So as you'll see from the code below, I'm scraping some info with Scrapy. Everything works fine, I'm just not happy the way the scraped data is stored. With the current code, I get results as a column of 'X' and a column of 'Y' side by side (which is fine), but the results for 'U' show up as a row as it is run from a 2nd loop. So what I would like, is to have the scraped data in three columns side by side: X / Y / U. Can anyone help with this? Thanks in advance!
def parse(self, response):
U = []
for l in response.css('div.property-info-wrapper'):
yield {
'X': l.css('span.info-price::text').extract_first(),
'Y': l.css('li::text').extract_first(),
}
for i in response.selector.xpath('//div[@class="property-info-location ellipsis-element-control"]/text()').extract():
U.append(i)
yield {'U':U}
You can use itertools.zip_longest
to zip both results together and yield them based on their Truth value *.

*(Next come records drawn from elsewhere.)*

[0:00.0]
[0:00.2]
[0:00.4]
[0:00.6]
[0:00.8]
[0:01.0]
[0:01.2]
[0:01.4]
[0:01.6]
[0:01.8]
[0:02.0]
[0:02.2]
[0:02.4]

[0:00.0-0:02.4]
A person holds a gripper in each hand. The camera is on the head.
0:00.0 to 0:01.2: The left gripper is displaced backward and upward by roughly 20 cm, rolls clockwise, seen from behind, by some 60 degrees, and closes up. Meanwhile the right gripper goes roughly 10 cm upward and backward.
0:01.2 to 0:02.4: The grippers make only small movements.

from itertools import zip_longest
def parse(self, response):
locations = response.selector.xpath('//div[@class="property-info-location ellipsis-element-control"]/text()').extract()
css = response.css('div.property-info-wrapper')

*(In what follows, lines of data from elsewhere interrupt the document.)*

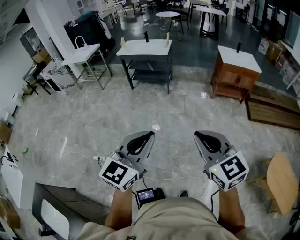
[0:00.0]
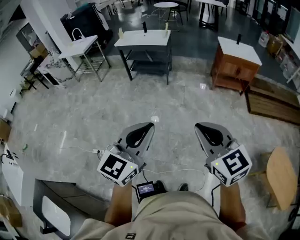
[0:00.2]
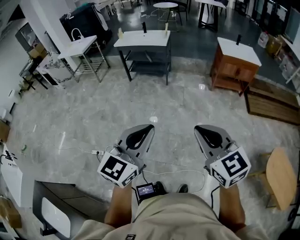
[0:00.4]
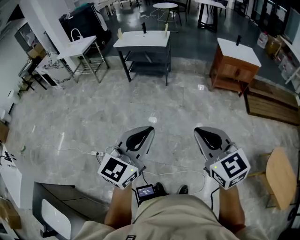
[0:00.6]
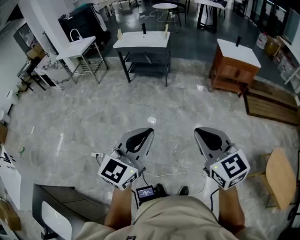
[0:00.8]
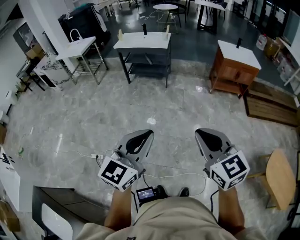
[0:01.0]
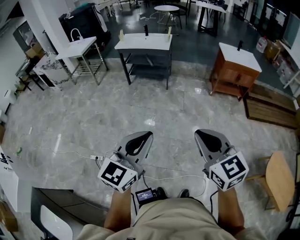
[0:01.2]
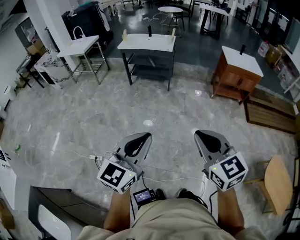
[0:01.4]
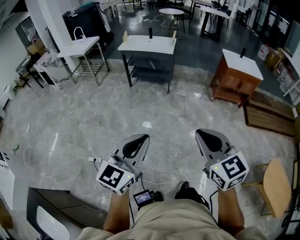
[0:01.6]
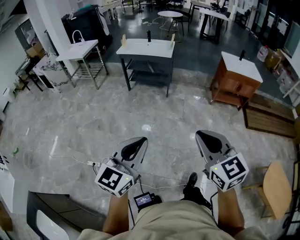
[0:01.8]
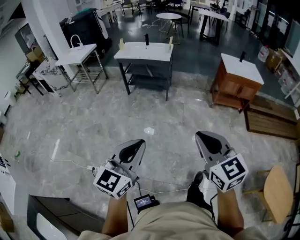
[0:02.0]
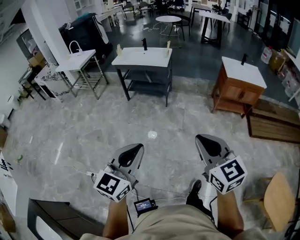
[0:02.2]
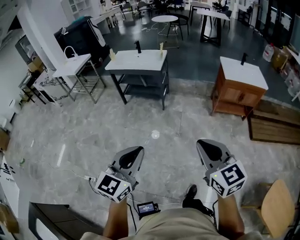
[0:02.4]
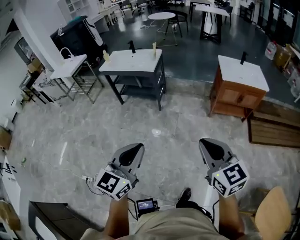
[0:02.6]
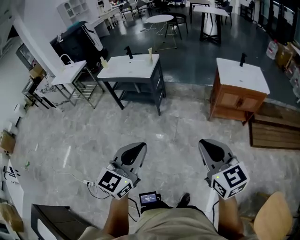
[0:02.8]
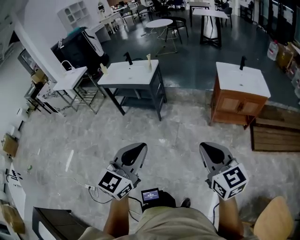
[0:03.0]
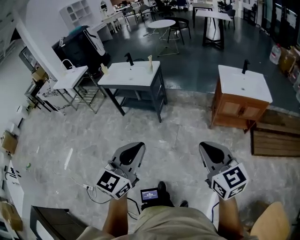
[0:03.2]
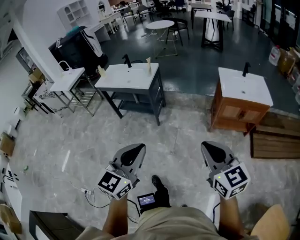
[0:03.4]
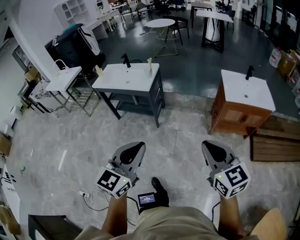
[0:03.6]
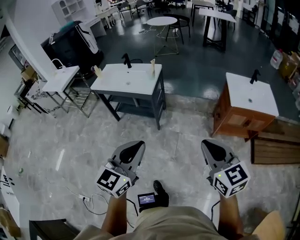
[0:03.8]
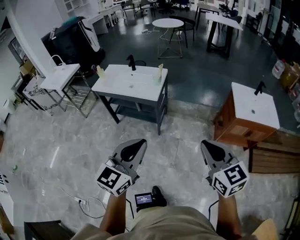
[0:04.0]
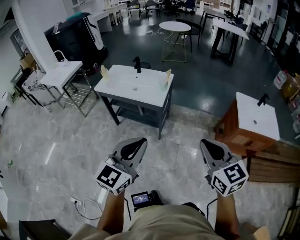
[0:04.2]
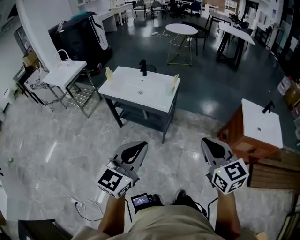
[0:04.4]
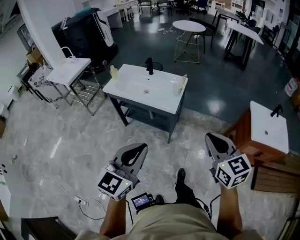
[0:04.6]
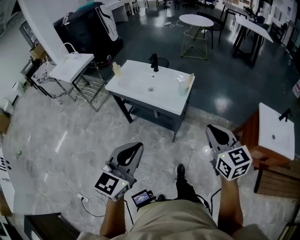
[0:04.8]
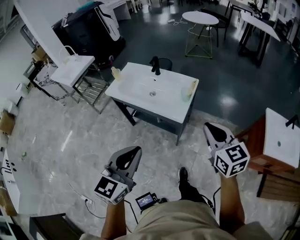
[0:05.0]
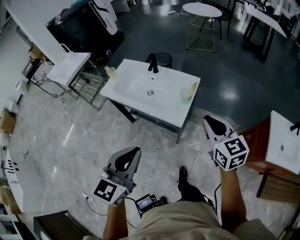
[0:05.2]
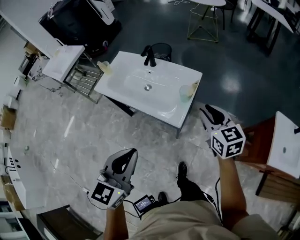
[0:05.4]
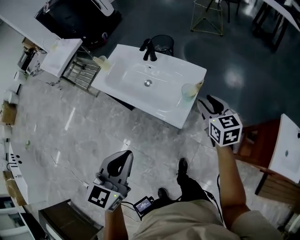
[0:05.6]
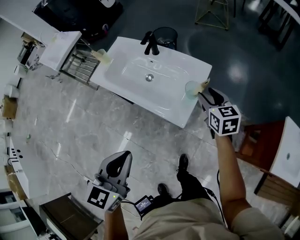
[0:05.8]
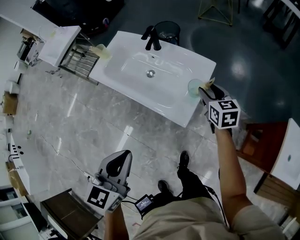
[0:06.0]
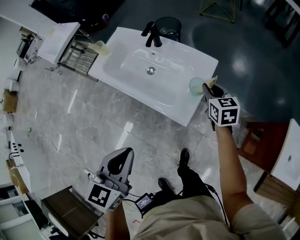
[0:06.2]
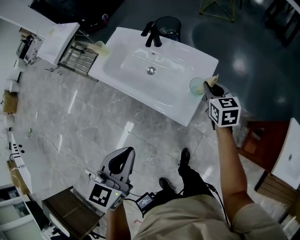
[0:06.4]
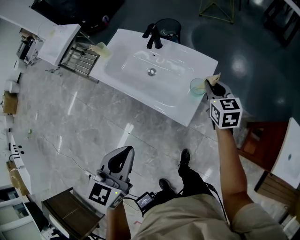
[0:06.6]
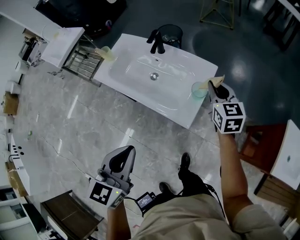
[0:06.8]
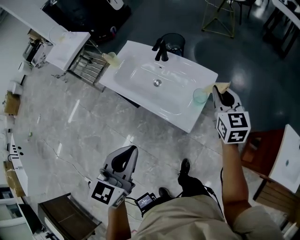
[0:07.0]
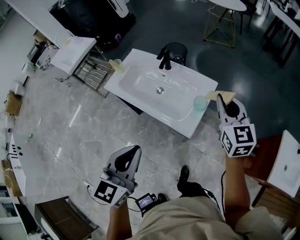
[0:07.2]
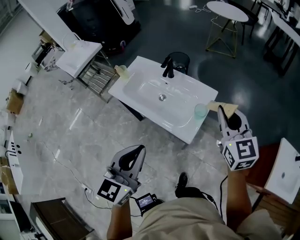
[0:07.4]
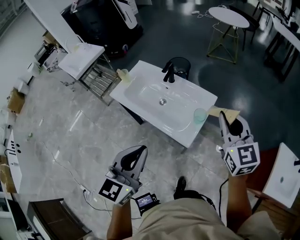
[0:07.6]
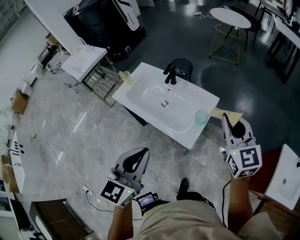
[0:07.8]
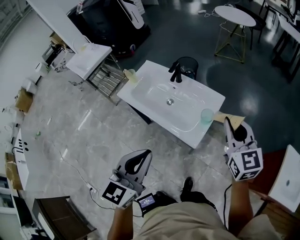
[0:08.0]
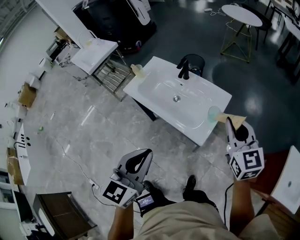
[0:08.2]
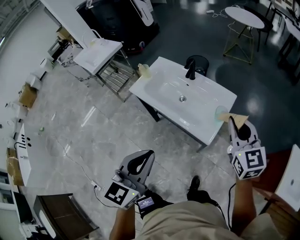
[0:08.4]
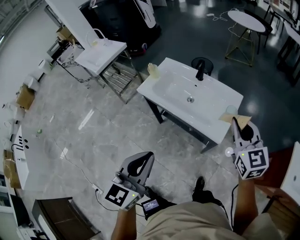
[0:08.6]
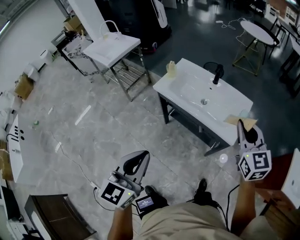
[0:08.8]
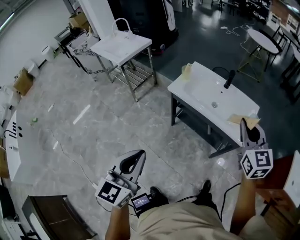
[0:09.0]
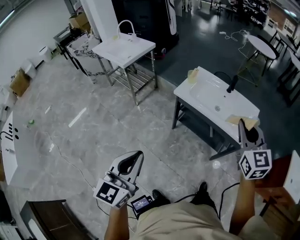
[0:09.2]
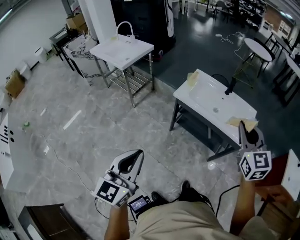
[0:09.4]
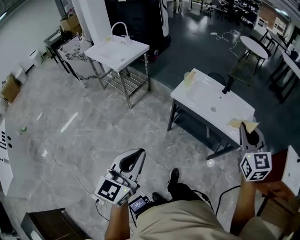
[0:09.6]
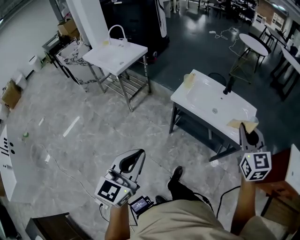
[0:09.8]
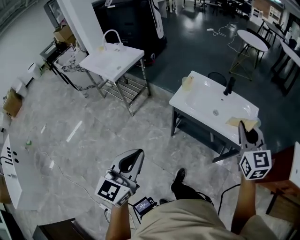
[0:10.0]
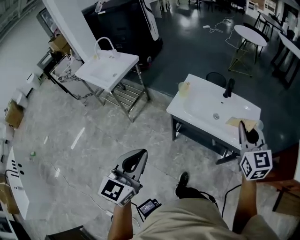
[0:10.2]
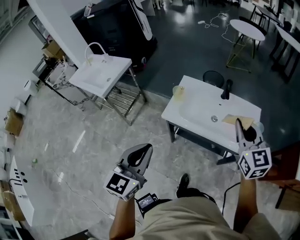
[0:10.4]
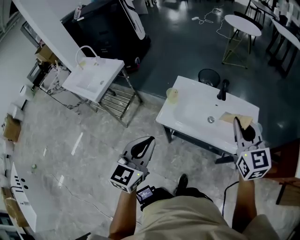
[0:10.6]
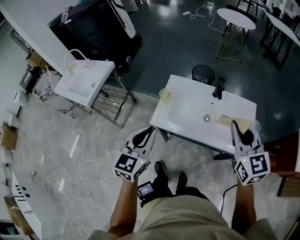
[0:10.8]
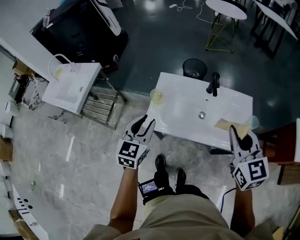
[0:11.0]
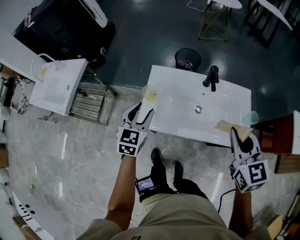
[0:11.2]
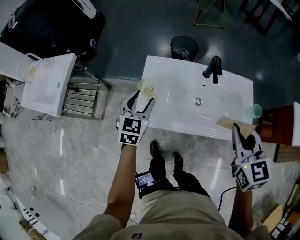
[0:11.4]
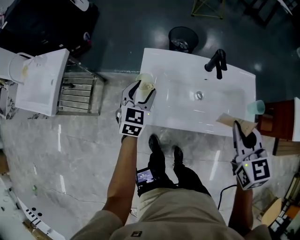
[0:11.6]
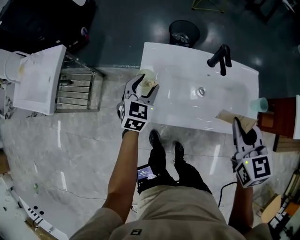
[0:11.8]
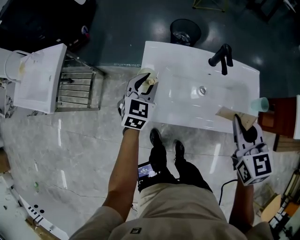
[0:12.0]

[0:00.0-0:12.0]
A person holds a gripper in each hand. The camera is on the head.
0:00.0 to 0:01.6: Both grippers move to the left and forward, approximately 15 cm.
0:01.6 to 0:03.0: Both grippers are carried to the right and forward, roughly 60 cm.
0:03.0 to 0:04.4: The pair of grippers is taken forward and to the left, approximately 50 cm.
0:04.4 to 0:06.0: The right gripper heads forward and downward, covering approximately 70 cm, rotates about 20 degrees, and opens up. Meanwhile the left gripper moves forward and downward, about 40 cm, and swivels roughly 30 degrees.
0:06.0 to 0:07.6: The left gripper travels upward by some 10 cm; the right gripper heads upward, covering some 25 cm, changes its angle by some 30 degrees, and closes up.
0:07.6 to 0:09.0: The two grippers go roughly 40 cm to the left.
0:09.0 to 0:10.4: The right gripper heads forward, covering roughly 15 cm, while the left gripper heads forward, covering roughly 25 cm.
0:10.4 to 0:12.0: The left gripper moves forward and downward, approximately 50 cm, rotates about 30 degrees, and opens, while the right gripper travels downward and forward by roughly 20 cm, and turns by roughly 30 degrees.

for loc, c in zip_longest(css, locations):
if loc:
yield {
'X': loc.css('span.info-price::text').extract_first(),
'Y': loc.css('li::text').extract_first(),
}
if c:
yield {'U': c} # since spider needs to return dict
* itertools.zip_longest(*iterables, fillvalue=None): Make an iterator that aggregates elements from each of the iterables. If the iterables are of uneven length, missing values are filled-in with fillvalue. Iteration continues until the longest iterable is exhausted.